According to the temporal order, except for an absolute still gesture, a hand shape and/or a gesture position in an image changes inevitably; that is, a gesture changes. A hand shape change and a gesture motion trajectory of the user can be determined by using object detection. In an embodiment, an object detection module may be used to perform dynamic detection on the input gesture recognition result image data, where the object detection module may be established based on a model such as YOLO V5 (PC end), YOLOX (mobile end), or Anchor-free.


In an embodiment, for a better subsequent comparison of the hand shape change and the gesture motion trajectory, OpenCV (an open-source computer vision library) may be used to perform regression on the hand shape change and the gesture motion trajectory, simplifying into the change and the motion trajectory of the 21 hand landmarks, for example.


Further, a gesture change is a continuous process, and only a few key moments are required to determine the change process. Therefore, it is not necessary to input all frames of the gesture recognition result image data into the object detection model, which causes an excessive data processing amount and a waste of computing resources. In an embodiment, before step 103 is implemented, the interaction processing method further includes: performing sampling on the gesture recognition result image data through frame extraction, to obtain sampled gesture recognition result image data. The frame extraction refers to extracting a few frames at key moments from a plurality of frames of images. In an implementation, one frame is generally extracted every a preset number of frames or every a preset time period. For example, one frame may be extracted every 100 ms, so as to not only ensure that the hand change can be detected, but also reduce an image processing amount and increase the detection speed.


Step 104: Determine, based on the hand shape change and the gesture motion trajectory, a gesture corresponding to the hand shape change and the gesture motion trajectory and an instruction mapped to the gesture, after the hand shape change and the gesture motion trajectory of the user are determined.


In an implementation of step 104, a gesture may be fixed for the user in advance.
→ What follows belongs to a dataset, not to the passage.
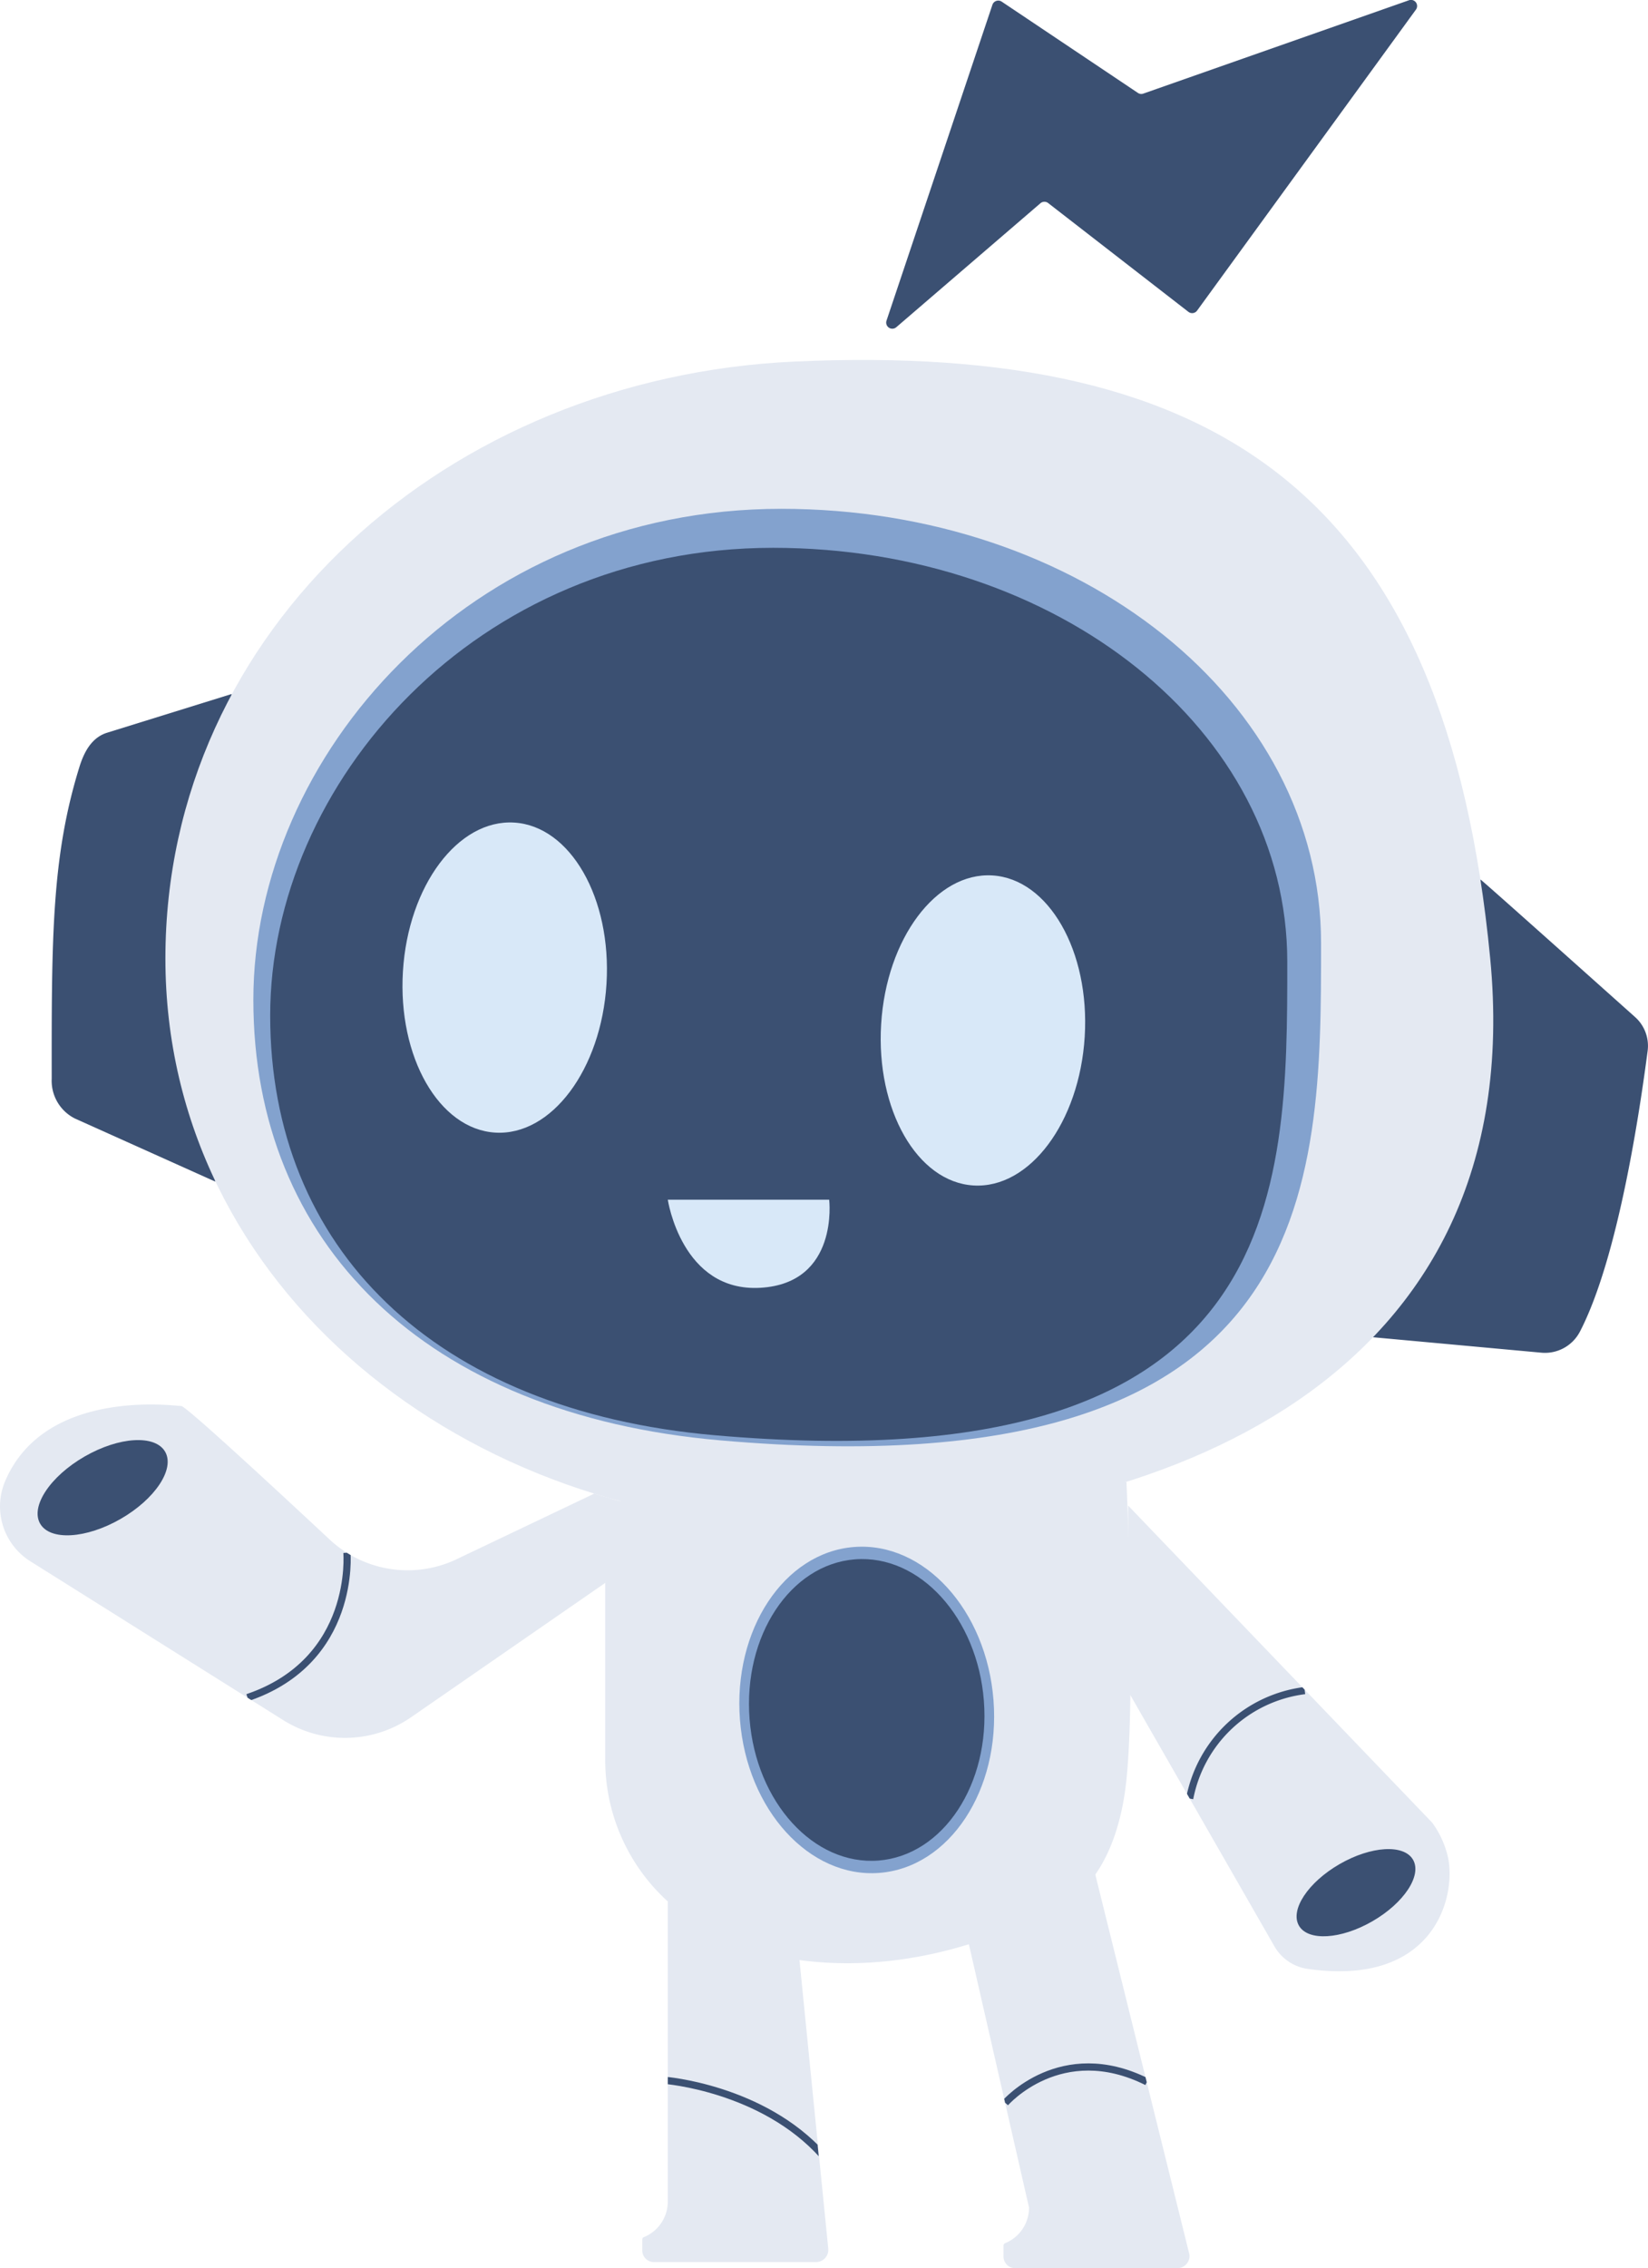 <svg xmlns="http://www.w3.org/2000/svg" xmlns:xlink="http://www.w3.org/1999/xlink" viewBox="0 0 229.16 315.17"><defs><style>.cls-1,.cls-7{fill:none;}.cls-2{fill:#3b5072;}.cls-3{fill:#e4e9f2;}.cls-4{fill:#83a2ce;}.cls-5{fill:#d8e8f8;}.cls-6{clip-path:url(#clip-path);}.cls-7{stroke:#3b5072;stroke-miterlimit:10;}.cls-8{clip-path:url(#clip-path-2);}.cls-9{clip-path:url(#clip-path-3);}.cls-10{clip-path:url(#clip-path-4);}</style><clipPath id="clip-path"><path class="cls-1" d="M92.86,264.65v41.69a5.33,5.33,0,0,1-3.32,4.94h0a.37.37,0,0,0-.23.34v1.52a1.63,1.63,0,0,0,1.62,1.62h22.54a1.71,1.71,0,0,0,1.7-1.88l-4-40.08Z"/></clipPath><clipPath id="clip-path-2"><path class="cls-1" d="M134.09,267.37l9,39.38a5.33,5.33,0,0,1-3.32,4.94h0a.37.37,0,0,0-.23.34v1.52a1.63,1.63,0,0,0,1.62,1.62h22.54a1.71,1.71,0,0,0,1.7-1.88l-13.11-52.88Z"/></clipPath><clipPath id="clip-path-3"><path class="cls-1" d="M156.87,209.2l43.58,45.42s3.46,24.16-21.79,18.36l-21.79-38Z"/></clipPath><clipPath id="clip-path-4"><path class="cls-1" d="M82.63,207.54l-19.42,9.25a15.89,15.89,0,0,1-17.37-2.87c-8.17-7.62-20-18.55-20.63-18.55-.83,0-19-2.61-24.52,10.5A9,9,0,0,0,4.31,217l35.05,22a16.17,16.17,0,0,0,17.82-.4l27-18.67,2.08-11.32Z"/></clipPath></defs><g id="Laag_2" data-name="Laag 2"><g id="Laag_3" data-name="Laag 3"><path class="cls-2" d="M32.22,96.43,14.9,101.81c-2.15.67-3.21,2.66-3.87,4.8C7.19,119,7.17,130.31,7.19,149.88a5.87,5.87,0,0,0,3.25,5.55l19.5,8.76Z"/><path class="cls-2" d="M205.85,122.2c0-.1,15.71,13.94,21.49,19.1a5.37,5.37,0,0,1,1.77,4.72c-1,7.61-4,28.57-9.41,39a5.48,5.48,0,0,1-5.34,2.94l-23.45-2.15Z"/><path class="cls-3" d="M207.22,133.19c5.62,58.63-45.76,78.93-94.07,78.93S23,179,23,133.19s39.21-80.74,87.46-82.95C170.17,47.5,201.1,69.41,207.22,133.19Z"/><path class="cls-4" d="M183.7,131.07c0,33.8,0,76.37-83.55,69.07-41.16-3.59-64.92-27.4-64.92-61.21S65.15,70.7,108.64,70.7C150.2,70.7,183.7,97.26,183.7,131.07Z"/><path class="cls-3" d="M84.16,208.67v35.68a26.51,26.51,0,0,0,8.7,19.86,33.62,33.62,0,0,0,18.36,8.15c21.26,2.81,38.33-9,38.33-9s5.8-3.54,7.09-16.11,0-41.33,0-41.33Z"/><path class="cls-3" d="M82.63,207.54l-19.42,9.25a15.89,15.89,0,0,1-17.37-2.87c-8.17-7.62-20-18.55-20.63-18.55-.83,0-19-2.61-24.52,10.5A9,9,0,0,0,4.31,217l35.05,22a16.17,16.17,0,0,0,17.82-.4l27-18.67,2.08-11.32Z"/><path class="cls-3" d="M156.87,209.2l42.29,44.07a13.16,13.16,0,0,1,2.18,4.76c1.21,5.55-1.92,18.07-19.51,15.55a6.37,6.37,0,0,1-4.62-3.14L156.87,235Z"/><path class="cls-3" d="M92.86,264.21v41.7a5.34,5.34,0,0,1-3.32,4.94h0a.36.36,0,0,0-.23.34v1.51a1.62,1.62,0,0,0,1.62,1.62h22.54a1.71,1.71,0,0,0,1.7-1.88l-4-40.08Z"/><path class="cls-3" d="M134.09,267.37l9,39.38a5.33,5.33,0,0,1-3.32,4.94h0a.37.37,0,0,0-.23.34v1.52a1.63,1.63,0,0,0,1.62,1.62h22.54a1.71,1.71,0,0,0,1.7-1.88l-13.11-52.88Z"/><path class="cls-2" d="M179,133.63c0,32.2,0,72.74-79.6,65.8-39.2-3.43-61.83-26.11-61.83-58.31s28.5-65,69.93-65C147.1,76.12,179,101.43,179,133.63Z"/><path class="cls-2" d="M123.27,44.56,138,.66a.86.86,0,0,1,1.28-.44L158.2,12.89A.83.83,0,0,0,159,13L195.88.05a.85.85,0,0,1,1,1.3L166.46,43.16a.85.85,0,0,1-1.21.17l-19.48-15.1a.85.85,0,0,0-1.08,0L124.63,45.47A.85.85,0,0,1,123.27,44.56Z"/><ellipse class="cls-5" cx="136.68" cy="143.18" rx="21.58" ry="14.18" transform="translate(-14.6 270.84) rotate(-86.49)"/><ellipse class="cls-5" cx="70.18" cy="135.83" rx="21.58" ry="14.18" transform="translate(-69.69 197.57) rotate(-86.49)"/><path class="cls-5" d="M92.86,166.7H115.3s1.4,11.6-9.56,12.24S92.86,166.7,92.86,166.7Z"/><ellipse class="cls-2" cx="14.21" cy="205.9" rx="9.99" ry="4.99" transform="matrix(0.87, -0.5, 0.5, 0.87, -101.04, 34.69)"/><ellipse class="cls-4" cx="120.52" cy="237.6" rx="17.68" ry="22.71" transform="translate(-18.11 10.09) rotate(-4.46)"/><ellipse class="cls-2" cx="120.52" cy="237.6" rx="16.34" ry="20.99" transform="translate(-18.11 10.09) rotate(-4.46)"/><g class="cls-6"><path class="cls-7" d="M92.42,289.06s13.6,1.05,22,10.43"/></g><g class="cls-8"><path class="cls-7" d="M139.79,292.2s7.72-8.9,19.7-2.93"/></g><g class="cls-9"><path class="cls-7" d="M181.43,234.91a18.65,18.65,0,0,0-16,15"/></g><g class="cls-10"><path class="cls-7" d="M48.24,215.75s1.33,15-13.82,20.13"/></g><ellipse class="cls-2" cx="188.55" cy="262.99" rx="9.16" ry="4.58" transform="translate(-106.23 129.51) rotate(-30)"/></g></g></svg>

For example, the gesture of applause is an instruction to click on an item, and waving a hand is an exit instruction, and so on. The user makes a corresponding gesture move according to a prompt. After a hand shape change and a gesture motion trajectory of the user are determined, the gesture and the instruction corresponding to this gesture can be determined, so that the instruction can be executed and an instruction execution result can be fed back to the user.


In an embodiment, to further add interaction manners and give more choices to the user, without limiting to the fixed gestures, the user can preset different customized gestures in advance to correspond to different instructions. Therefore, in this embodiment, an implementation process of step 104 includes: searching a pre-established gesture library to determine the gesture corresponding to the hand shape change and the gesture motion trajectory and the instruction mapped to the gesture, where the gesture library records an association relationship between a gesture identifier, a hand shape change and a gesture motion trajectory corresponding to a gesture, and an instruction mapped to a gesture.


In this embodiment, the user records a gesture in advance, and store the gesture in the gesture library. Therefore, the interaction processing method shown in FIG. 6 further includes: step 601: receiving a requirement for a customized gesture from the user, to determine an identifier of the customized gesture and an instruction mapped to the customized gesture; step 602: acquiring a dynamic image of a customized gesture to form a basic data set; step 603: performing gesture recognition on the basic data set to obtain gesture recognition result image data of the customized gesture; step 604: performing object detection based on the gesture recognition result image data of the customized gesture, to obtain a hand shape change and a gesture motion trajectory of the customized gesture; and step 605: storing the identifier of the customized gesture, the hand shape change and the gesture motion trajectory of the customized gesture, and the instruction mapped to the customized gesture into the gesture library.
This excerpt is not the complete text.